8054203: add regression tests for JDK vs ICU layout

Fri Aug 15 20:33:07 UTC 2014

On 08/15/2014 11:41 AM, Doug Felt wrote:
> Thanks for getting the ball rolling, Steven!
Welcome!

> I'm not sure what the format is for code reviews, so I'll just send
> this email with general comments and maybe someone can tell me the
> right way to do it.  These comments are a bit more high level and most
> don't focus on this code in particular, anyway.
>
> 1) it would be nice if we used some more structured web-based tool to
> review the code. But I don't know how hard it is to set one up.
There's always rietveld :)
I was just trying to follow the openjdk playbook.

> 2) The tool captures the glyph vectors from TextLayout, but expects
> only one. If the goal is to test TextLayout, then it probably needs to
> handle any text and any TextLayout output.  If the goal is to test
> HarfBuzz, then constructing a GlyphVector (via layoutGlyphVector) is
> more direct.
OK, good point.  At this point, I am trying to test what Java sees, so
that we can verify that the JDK behavior won't change. For now I'm
assuming what's underneath TextLayout will be what is tested.

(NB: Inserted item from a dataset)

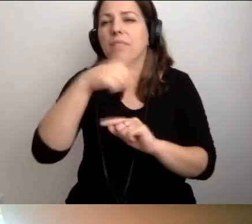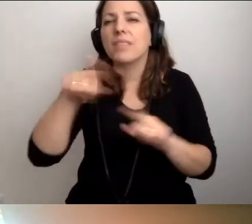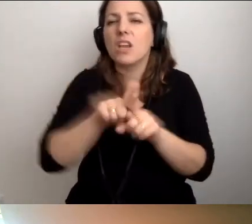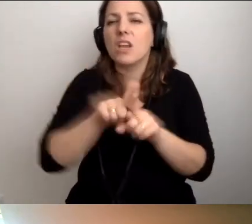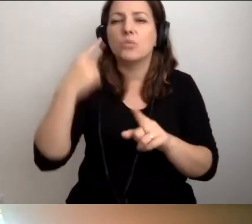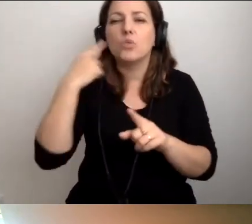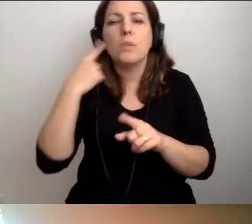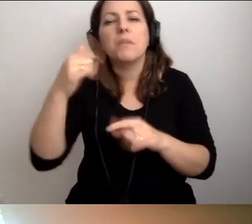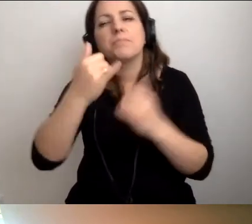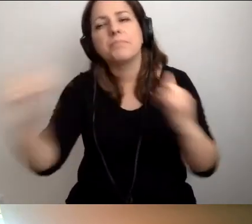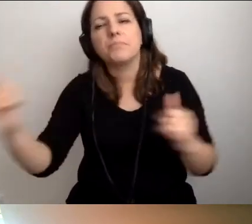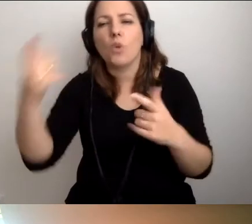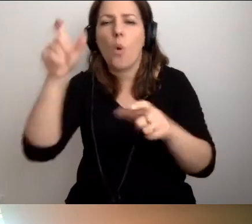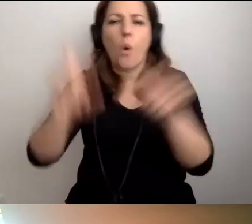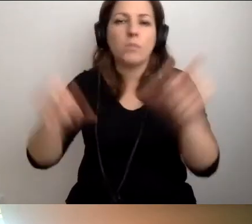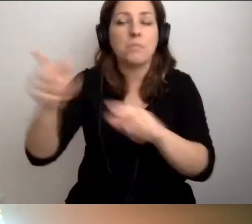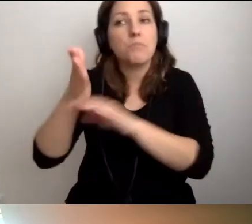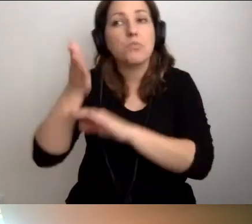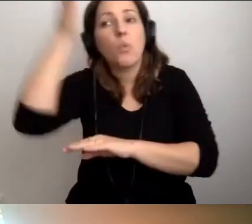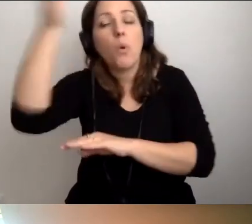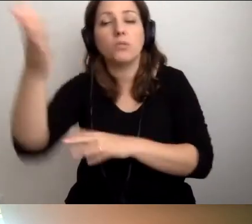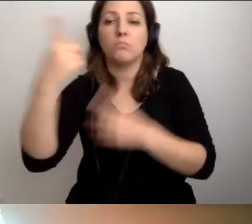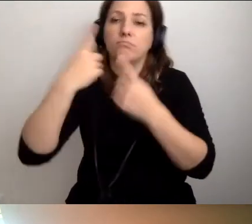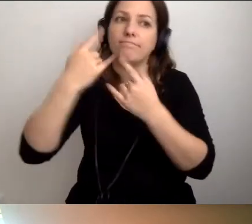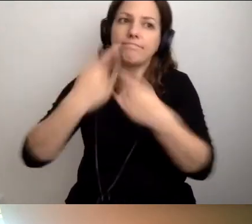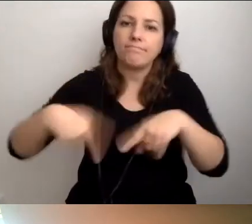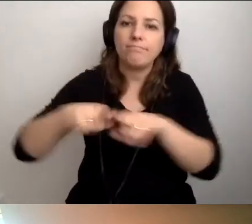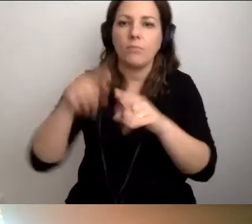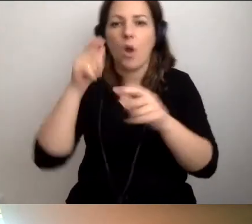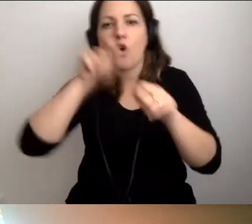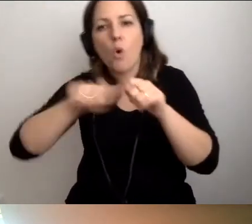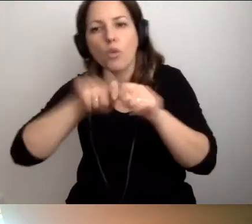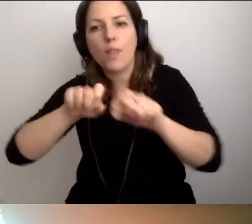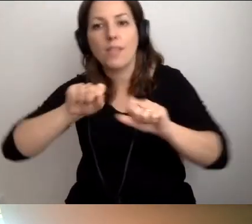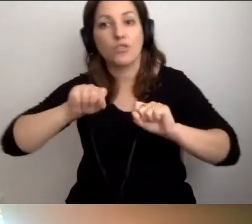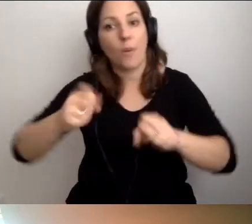które mają robić te kontrole działań prodostępnościowych
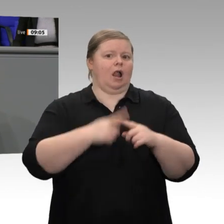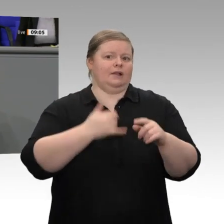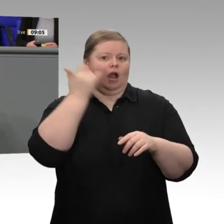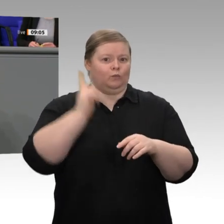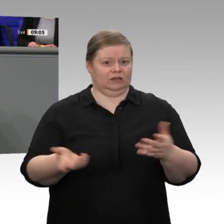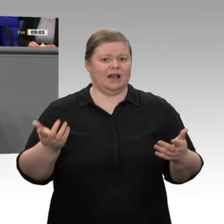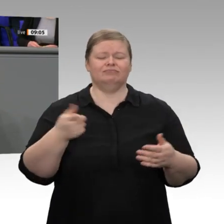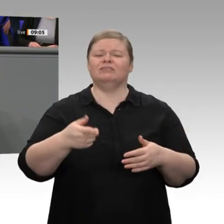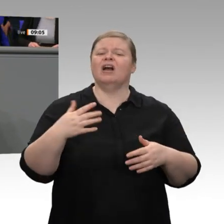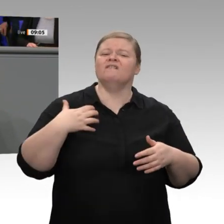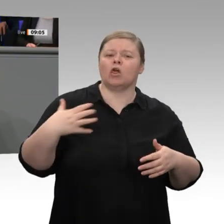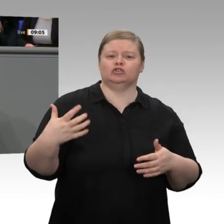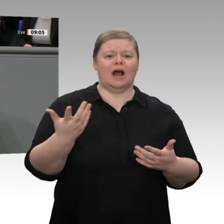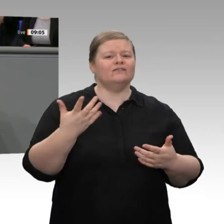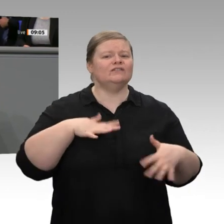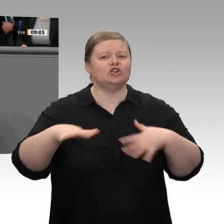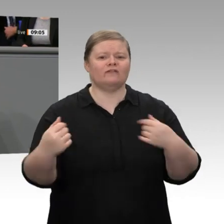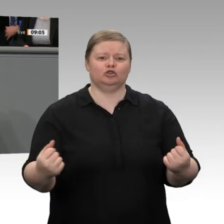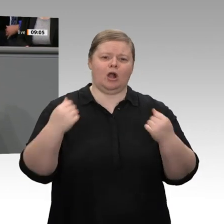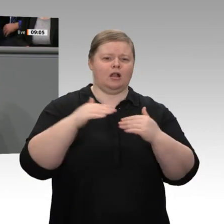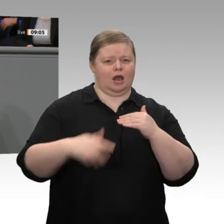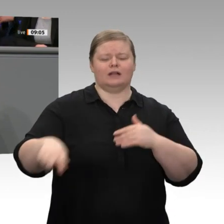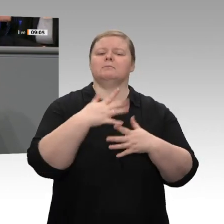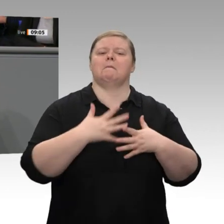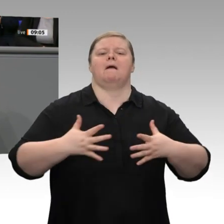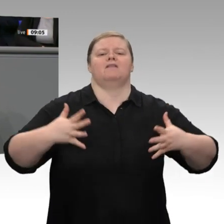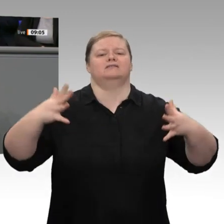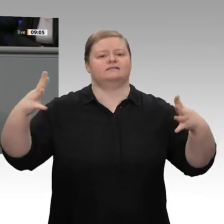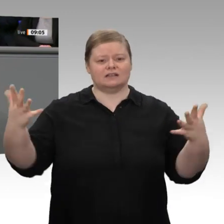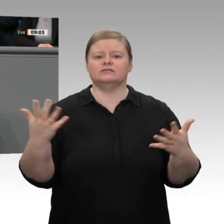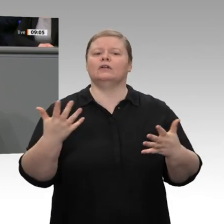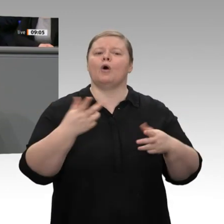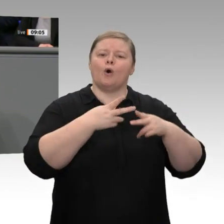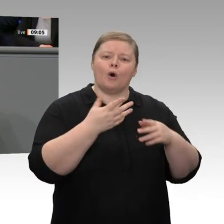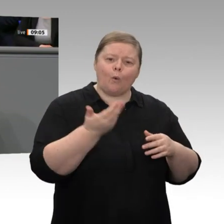gestiegen, die öffentlichen Finanzen wurden konsolidiert. Die Spielräume für Zukunftsinvestitionen

> 3) I suggest we decide up front to go with HarfBuzz's native
> glyph/ordering output.  ICU uses filler glyphs and tries to maintain a
> close relationship between each glyph and the original character(s) it
> corresponds to. In practice, this close relationship is not needed or
> used, and Harfbuzz does not provide it.  Instead, people are most
> interested in 'grapheme clusters' which are groups of glyphs that 1)
> might be positioned along a path as a group, and 2) might have
> tracking space added/subtracted between them (some folks do this
> manually, though it would be better to do it through styles).
>  Harfbuzz provides this information more directly.
>
> This has consequences for regression/conformance tests that expect to
> match the glyph output and glyph to char index output.  Basically,
> they can't do it.  Even with the iculehb modifications that introduce
> filler glyphs to convert HarfBuzz's output to an approximation of
> ICU's, the numbering and positioning of the filler glyphs differs from
> ICU's.  So the tests still fail.
>
> Rather than try to change HarfBuzz to adopt ICU's output, I think we
> should prefer HarfBuzz's output and break exact compatibility w.r.t
> filler glyphs and glyph-to-char mapping.
OK.. that seems reasonable, however, I was trying (at a first pass) to
use the ICU compatibility library.  If as you said the conformance test
wouldn't be meaningful (besides validating this email), this particular
test might not be very helpful long term.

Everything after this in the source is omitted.